The SPI Overnight rose 190 points.
But coming back to the matter at hand, why has the Fed invoked “the moral hazard”?
It is a moral hazard because many see the move as “Main Street bailing out Wall Street”. Not only has the Fed lowered the discount rate, but the market is now all but certain the Fed will have to ease the target cash rate – at least by the next FOMC meeting on September 18, but quite possibly in an emergency meeting earlier.

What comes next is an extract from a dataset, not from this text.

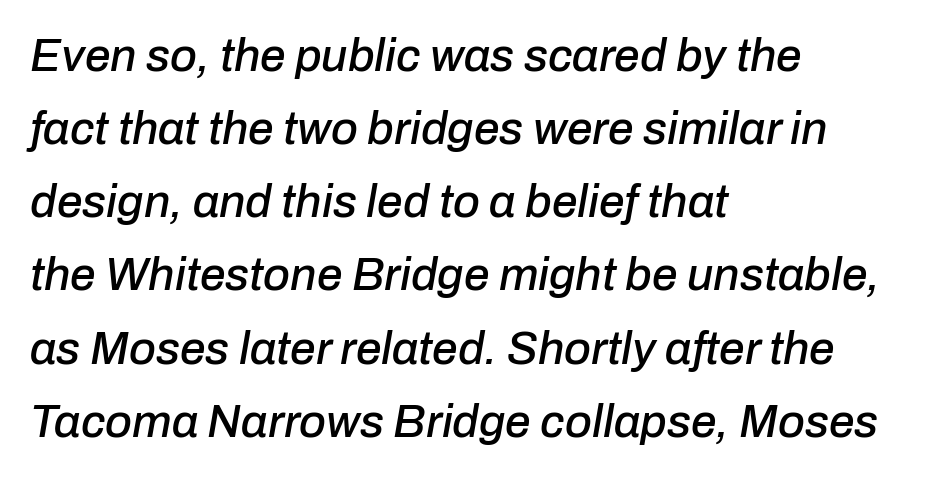
{"italic": "yes", "lean": "right", "slant_degrees": 10, "width": "normal", "stroke_contrast": "low", "x_height": "medium", "monospaced": "no", "underline": "no", "align": "left", "line_spacing": "normal", "line_spacing_ratio": 1.59, "letter_spacing": "normal", "letter_spacing_em": 0.0, "glyph_px": 46}

The implication is that the Fed has thrown the lifeline to those institutions and investors who got themselves into trouble through their own sheer greed. “Saving the rich”, you could say. To offer up as much money as the banking system needs to avoid a solvency crisis, the Fed must shift the printing press into another gear. This reduces the value of the US dollar, and hence the purchasing power of all Americans. Thus – Main Street bails out Wall Street. To make matters worse, the Fed may also ease. It was a too-easy monetary policy that got us into this mess in the first place.
But the Fed would not see it this way. Up until Friday the intention was made clear at least by St Louis Fed governor Poole, and indirectly by George Bush, that there would not be a Wall Street bailout. Risky credit had to be expunged from the market and if that caused losses for the rich, so be it. Ultimately the economy is modestly healthy and inflation is still the primary concern. The Fed has still not lowered the target cash rate from 5.25%, even though cash is actually trading at 4.5% following massive liquidity injections.
But Friday’s statement indicated that the Fed now saw an emergency situation. What it foresaw was the ongoing freezing of credit, insolvencies, and the potential to head into recession. A recession would lead to no consumer spending, lost jobs, and further cascading mortgage defaults. A recipe for a big downward spiral. In “bailing out” Wall Street the Fed would see it as protecting Main Street as well.
There is still talk of raising the investment limit on the two government sponsored mortgage lenders Fannie Mae and Freddie Mac. In so doing, mortgages in excess of US$400-600,000 could be issued, allowing what is realistically a large demographic of the comfortable (but not just the super-rich) to refinance prime mortgages that may come under threat if a Countrywide-type lender were to go down. The government is so far staunchly resisting such a move, but it now seems the playing field has changed.
Has the Fed made the ultimate move (particularly if it also cuts the target rate as expected) that will restore order to the markets and allow the Dow to return to 14,000?
Yes, say the bulls. No, say the bears. The bears (and here we must also include short term bears who are looking for a buying opportunity further down the track) still see this as another temporary fix that may yet have to be repeated and may yet not prevent further turmoil. We still do not know who will survive and who will go down.
What it will perhaps achieve is a restoration of confidence that the Fed is ready to do what it has to and take the drastic steps to save the US economy (despite the negative effect on the US dollar). Central banks are always accused of being behind, rather than in front of, the curve, and as such Friday’s move is seen by many as positive but tardy. If markets remain volatile, and further losses are experienced, it will act again. Thus a prudent investor will not immediately see Friday as the turning point. That point might be a month or more off just yet.